■ **Task objective**
Across the entries that follow, count each line holding "CIRCLE" and state the total alone.

[Dataset entries]

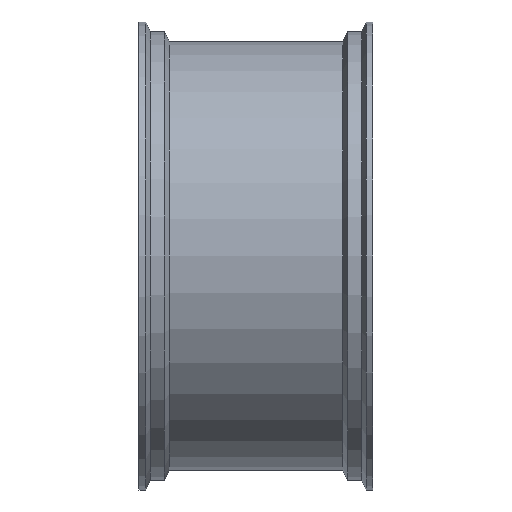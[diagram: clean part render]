
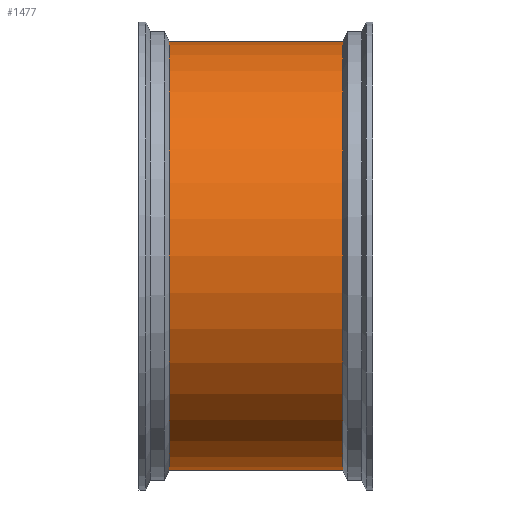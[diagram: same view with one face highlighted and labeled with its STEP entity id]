
A CAD part, front view. The second image highlights one B-rep face of the part: STEP entity #1477.
In plain terms, the highlighted cylindrical face has radius 24700 mm (diameter 49400 mm), a partial arc.
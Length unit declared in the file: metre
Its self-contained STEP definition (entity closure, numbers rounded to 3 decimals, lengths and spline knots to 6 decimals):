
#854 = VERTEX_POINT('',#855);
#855 = CARTESIAN_POINT('',(23.5,-27.,24.7));
#856 = VERTEX_POINT('',#857);
#857 = CARTESIAN_POINT('',(23.5,-27.,-24.7));
#872 = CYLINDRICAL_SURFACE('',#873,24.7);
#873 = AXIS2_PLACEMENT_3D('',#874,#875,#876);
#874 = CARTESIAN_POINT('',(0.,-27.,0.));
#875 = DIRECTION('',(-1.,-0.,-0.));
#876 = DIRECTION('',(-0.,0.,1.));
#898 = CONICAL_SURFACE('',#899,25.9,1.134);
#899 = AXIS2_PLACEMENT_3D('',#900,#901,#902);
#900 = CARTESIAN_POINT('',(24.059569,-27.,0.));
#901 = DIRECTION('',(1.,0.,0.));
#902 = DIRECTION('',(0.,0.,-1.));
#936 = EDGE_CURVE('',#856,#937,#939,.T.);
#937 = VERTEX_POINT('',#938);
#938 = CARTESIAN_POINT('',(3.5,-27.,-24.7));
#939 = SURFACE_CURVE('',#940,(#944,#951),.PCURVE_S1.);
#940 = LINE('',#941,#942);
#941 = CARTESIAN_POINT('',(0.,-27.,-24.7));
#942 = VECTOR('',#943,1.);
#943 = DIRECTION('',(-1.,-0.,-0.));
#944 = PCURVE('',#872,#945);
#945 = DEFINITIONAL_REPRESENTATION('',(#946),#950);
#946 = LINE('',#947,#948);
#947 = CARTESIAN_POINT('',(3.142,0.));
#948 = VECTOR('',#949,1.);
#949 = DIRECTION('',(0.,1.));
#950 = ( GEOMETRIC_REPRESENTATION_CONTEXT(2) 
PARAMETRIC_REPRESENTATION_CONTEXT() REPRESENTATION_CONTEXT('2D SPACE',''
  ) );
#951 = PCURVE('',#952,#957);
#952 = CYLINDRICAL_SURFACE('',#953,24.7);
#953 = AXIS2_PLACEMENT_3D('',#954,#955,#956);
#954 = CARTESIAN_POINT('',(0.,-27.,0.));
#955 = DIRECTION('',(-1.,-0.,-0.));
#956 = DIRECTION('',(-0.,0.,1.));
#957 = DEFINITIONAL_REPRESENTATION('',(#958),#962);
#958 = LINE('',#959,#960);
#959 = CARTESIAN_POINT('',(3.142,0.));
#960 = VECTOR('',#961,1.);
#961 = DIRECTION('',(0.,1.));
#962 = ( GEOMETRIC_REPRESENTATION_CONTEXT(2) 
PARAMETRIC_REPRESENTATION_CONTEXT() REPRESENTATION_CONTEXT('2D SPACE',''
  ) );
#965 = VERTEX_POINT('',#966);
#966 = CARTESIAN_POINT('',(3.5,-27.,24.7));
#993 = EDGE_CURVE('',#854,#965,#994,.T.);
#994 = SURFACE_CURVE('',#995,(#999,#1006),.PCURVE_S1.);
#995 = LINE('',#996,#997);
#996 = CARTESIAN_POINT('',(0.,-27.,24.7));
#997 = VECTOR('',#998,1.);
#998 = DIRECTION('',(-1.,-0.,-0.));
#999 = PCURVE('',#872,#1000);
#1000 = DEFINITIONAL_REPRESENTATION('',(#1001),#1005);
#1001 = LINE('',#1002,#1003);
#1002 = CARTESIAN_POINT('',(0.,0.));
#1003 = VECTOR('',#1004,1.);
#1004 = DIRECTION('',(0.,1.));
#1005 = ( GEOMETRIC_REPRESENTATION_CONTEXT(2) 
PARAMETRIC_REPRESENTATION_CONTEXT() REPRESENTATION_CONTEXT('2D SPACE',''
  ) );
#1006 = PCURVE('',#952,#1007);
#1007 = DEFINITIONAL_REPRESENTATION('',(#1008),#1012);
#1008 = LINE('',#1009,#1010);
#1009 = CARTESIAN_POINT('',(6.283,0.));
#1010 = VECTOR('',#1011,1.);
#1011 = DIRECTION('',(0.,1.));
#1012 = ( GEOMETRIC_REPRESENTATION_CONTEXT(2) 
PARAMETRIC_REPRESENTATION_CONTEXT() REPRESENTATION_CONTEXT('2D SPACE',''
  ) );
#1034 = CONICAL_SURFACE('',#1035,24.7,1.134);
#1035 = AXIS2_PLACEMENT_3D('',#1036,#1037,#1038);
#1036 = CARTESIAN_POINT('',(3.5,-27.,0.));
#1037 = DIRECTION('',(-1.,-0.,-0.));
#1038 = DIRECTION('',(-0.,0.,1.));
#1454 = EDGE_CURVE('',#937,#965,#1455,.T.);
#1455 = SURFACE_CURVE('',#1456,(#1461,#1468),.PCURVE_S1.);
#1456 = CIRCLE('',#1457,24.7);
#1457 = AXIS2_PLACEMENT_3D('',#1458,#1459,#1460);
#1458 = CARTESIAN_POINT('',(3.5,-27.,0.));
#1459 = DIRECTION('',(-1.,0.,-0.));
#1460 = DIRECTION('',(-0.,0.,1.));
#1461 = PCURVE('',#1034,#1462);
#1462 = DEFINITIONAL_REPRESENTATION('',(#1463),#1467);
#1463 = LINE('',#1464,#1465);
#1464 = CARTESIAN_POINT('',(0.,0.));
#1465 = VECTOR('',#1466,1.);
#1466 = DIRECTION('',(1.,0.));
#1467 = ( GEOMETRIC_REPRESENTATION_CONTEXT(2) 
PARAMETRIC_REPRESENTATION_CONTEXT() REPRESENTATION_CONTEXT('2D SPACE',''
  ) );
#1468 = PCURVE('',#952,#1469);
#1469 = DEFINITIONAL_REPRESENTATION('',(#1470),#1474);
#1470 = LINE('',#1471,#1472);
#1471 = CARTESIAN_POINT('',(0.,-3.5));
#1472 = VECTOR('',#1473,1.);
#1473 = DIRECTION('',(1.,0.));
#1474 = ( GEOMETRIC_REPRESENTATION_CONTEXT(2) 
PARAMETRIC_REPRESENTATION_CONTEXT() REPRESENTATION_CONTEXT('2D SPACE',''
  ) );
#1477 = ADVANCED_FACE('',(#1478),#952,.T.);
#1478 = FACE_BOUND('',#1479,.T.);
#1479 = EDGE_LOOP('',(#1480,#1481,#1503,#1504));
#1480 = ORIENTED_EDGE('',*,*,#936,.F.);
#1481 = ORIENTED_EDGE('',*,*,#1482,.T.);
#1482 = EDGE_CURVE('',#856,#854,#1483,.T.);
#1483 = SURFACE_CURVE('',#1484,(#1489,#1496),.PCURVE_S1.);
#1484 = CIRCLE('',#1485,24.7);
#1485 = AXIS2_PLACEMENT_3D('',#1486,#1487,#1488);
#1486 = CARTESIAN_POINT('',(23.5,-27.,0.));
#1487 = DIRECTION('',(-1.,0.,-0.));
#1488 = DIRECTION('',(-0.,0.,1.));
#1489 = PCURVE('',#952,#1490);
#1490 = DEFINITIONAL_REPRESENTATION('',(#1491),#1495);
#1491 = LINE('',#1492,#1493);
#1492 = CARTESIAN_POINT('',(0.,-23.5));
#1493 = VECTOR('',#1494,1.);
#1494 = DIRECTION('',(1.,0.));
#1495 = ( GEOMETRIC_REPRESENTATION_CONTEXT(2) 
PARAMETRIC_REPRESENTATION_CONTEXT() REPRESENTATION_CONTEXT('2D SPACE',''
  ) );
#1496 = PCURVE('',#898,#1497);
#1497 = DEFINITIONAL_REPRESENTATION('',(#1498),#1502);
#1498 = LINE('',#1499,#1500);
#1499 = CARTESIAN_POINT('',(9.425,-0.56));
#1500 = VECTOR('',#1501,1.);
#1501 = DIRECTION('',(-1.,0.));
#1502 = ( GEOMETRIC_REPRESENTATION_CONTEXT(2) 
PARAMETRIC_REPRESENTATION_CONTEXT() REPRESENTATION_CONTEXT('2D SPACE',''
  ) );
#1503 = ORIENTED_EDGE('',*,*,#993,.T.);
#1504 = ORIENTED_EDGE('',*,*,#1454,.F.);

■ **Reply**
2